Comment 16 commit-hook freebsd_committer freebsd_triage 2023-08-12 16:40:40 UTC
A commit in branch main references this bug:

URL: https://cgit.FreeBSD.org/src/commit/?id=b1a39c31a3569bd045a0f40057c3773fc8166f6d

commit b1a39c31a3569bd045a0f40057c3773fc8166f6d
Author:     Kevin Bowling <kbowling@FreeBSD.org>
AuthorDate: 2023-08-12 16:31:22 +0000
Commit:     Kevin Bowling <kbowling@FreeBSD.org>
CommitDate: 2023-08-12 16:39:23 +0000

    vlan: Respect IFCAP_LRO mask

    vlan_capabilities(), used by the IFCAP ioctl, was not respecting the
    IFCAP_LRO bit if it was masked by the requestor.

    This prevented if_bridge(4) from automasking LRO with a message like:
    bridge0: can't disable some capabilities on em3.11: 0x400

    This also prevented manually disabling LRO from any vlan interface.

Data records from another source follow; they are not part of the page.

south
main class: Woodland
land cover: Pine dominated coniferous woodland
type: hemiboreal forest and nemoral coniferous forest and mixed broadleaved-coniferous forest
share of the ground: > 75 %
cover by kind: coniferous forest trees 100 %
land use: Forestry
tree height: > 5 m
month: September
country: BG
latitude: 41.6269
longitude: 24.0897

    PR:             254596
    Reported by:    Paul Vixie <paul@redbarn.org>
    MFC after:      1 week

 sys/net/if_vlan.c | 2 +-
 1 file changed, 1 insertion(+), 1 deletion(-)
Comment 17 commit-hook freebsd_committer freebsd_triage 2023-08-18 01:00:11 UTC
A commit in branch stable/13 references this bug:

URL: https://cgit.FreeBSD.org/src/commit/?id=f73eb35106cc65d19af0f2e82a111308c5090c3a

commit f73eb35106cc65d19af0f2e82a111308c5090c3a
Author:     Kevin Bowling <kbowling@FreeBSD.org>
AuthorDate: 2023-08-12 16:31:22 +0000
Commit:     Kevin Bowling <kbowling@FreeBSD.org>
CommitDate: 2023-08-18 00:59:30 +0000

    vlan: Respect IFCAP_LRO mask

    vlan_capabilities(), used by the IFCAP ioctl, was not respecting the
    IFCAP_LRO bit if it was masked by the requestor.

    This prevented if_bridge(4) from automasking LRO with a message like:
    bridge0: can't disable some capabilities on em3.11: 0x400

    This also prevented manually disabling LRO from any vlan interface.

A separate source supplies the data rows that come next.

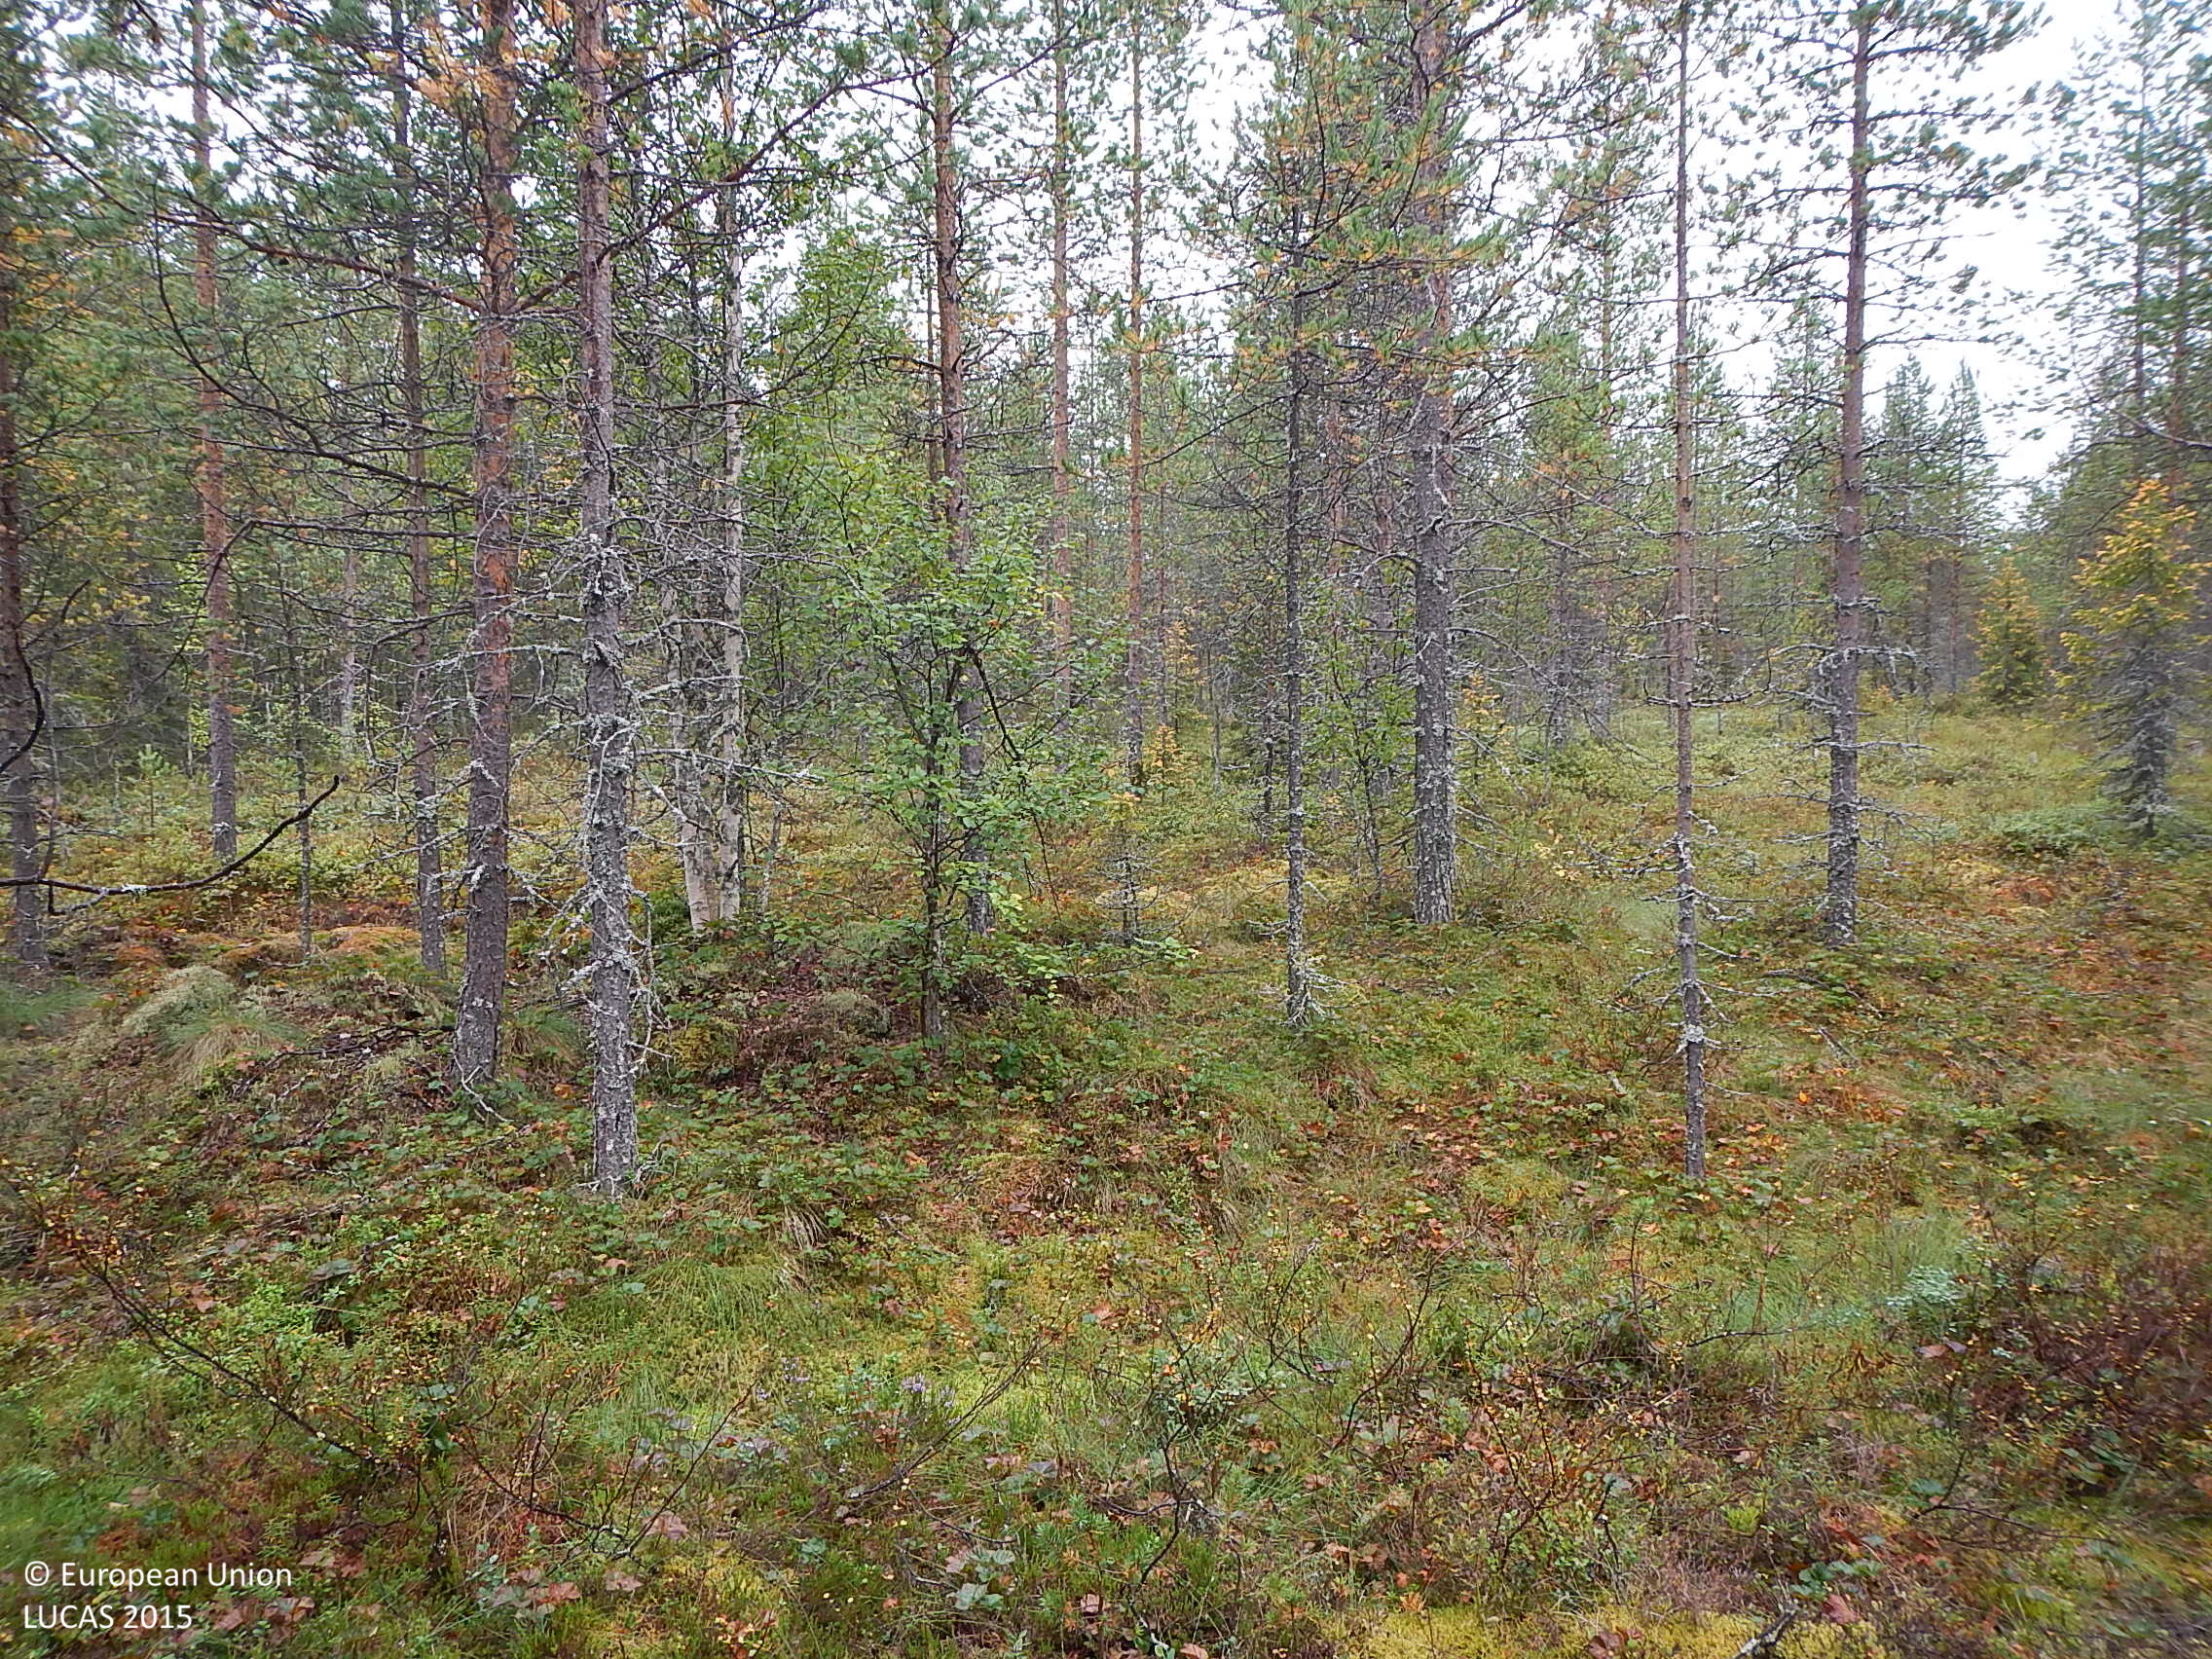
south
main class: Woodland
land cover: Pine dominated coniferous woodland
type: boreal forest
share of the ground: 50 - 75 %
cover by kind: coniferous forest trees 60 %, shrubs 30 %, broadleaved forest trees 5 %, herbaceous plants 5 %
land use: Forestry
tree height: > 5 m
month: August
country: FI
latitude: 65.9633
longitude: 27.3453

    PR:             254596
    Reported by:    Paul Vixie <paul@redbarn.org>

    (cherry picked from commit b1a39c31a3569bd045a0f40057c3773fc8166f6d)

 sys/net/if_vlan.c | 2 +-
 1 file changed, 1 insertion(+), 1 deletion(-)
Comment 18 commit-hook freebsd_committer freebsd_triage 2023-08-18 01:01:14 UTC
A commit in branch stable/12 references this bug:

URL: https://cgit.FreeBSD.org/src/commit/?id=50b52fe14b8949539e7fe583d4578b1f2c96dc59

commit 50b52fe14b8949539e7fe583d4578b1f2c96dc59
Author:     Kevin Bowling <kbowling@FreeBSD.org>
AuthorDate: 2023-08-12 16:31:22 +0000
Commit:     Kevin Bowling <kbowling@FreeBSD.org>
CommitDate: 2023-08-18 01:00:07 +0000

    vlan: Respect IFCAP_LRO mask

    vlan_capabilities(), used by the IFCAP ioctl, was not respecting the
    IFCAP_LRO bit if it was masked by the requestor.

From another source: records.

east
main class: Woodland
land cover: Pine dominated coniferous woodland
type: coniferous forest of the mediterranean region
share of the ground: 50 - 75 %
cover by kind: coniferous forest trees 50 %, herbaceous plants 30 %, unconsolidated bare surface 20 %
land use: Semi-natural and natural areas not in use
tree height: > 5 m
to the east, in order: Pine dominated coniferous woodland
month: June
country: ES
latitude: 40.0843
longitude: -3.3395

    This prevented if_bridge(4) from automasking LRO with a message like:
    bridge0: can't disable some capabilities on em3.11: 0x400

    This also prevented manually disabling LRO from any vlan interface.

    PR:             254596
    Reported by:    Paul Vixie <paul@redbarn.org>

    (cherry picked from commit b1a39c31a3569bd045a0f40057c3773fc8166f6d)

 sys/net/if_vlan.c | 2 +-
 1 file changed, 1 insertion(+), 1 deletion(-)
Comment 19 Kevin Bowling freebsd_committer freebsd_triage 2023-08-18 01:02:14 UTC
Passing to Ed per above comment about EN.
Comment 20 Mark Linimon freebsd_committer freebsd_triage 2024-01-10 03:30:30 UTC
^Triage: to committer: was the EN for 12.3 ever completed?
Comment 21 Mark Linimon freebsd_committer freebsd_triage 2024-06-14 04:17:56 UTC
^Triage: 12.3 has since gone EOL.  The idea of an EN is now OBE.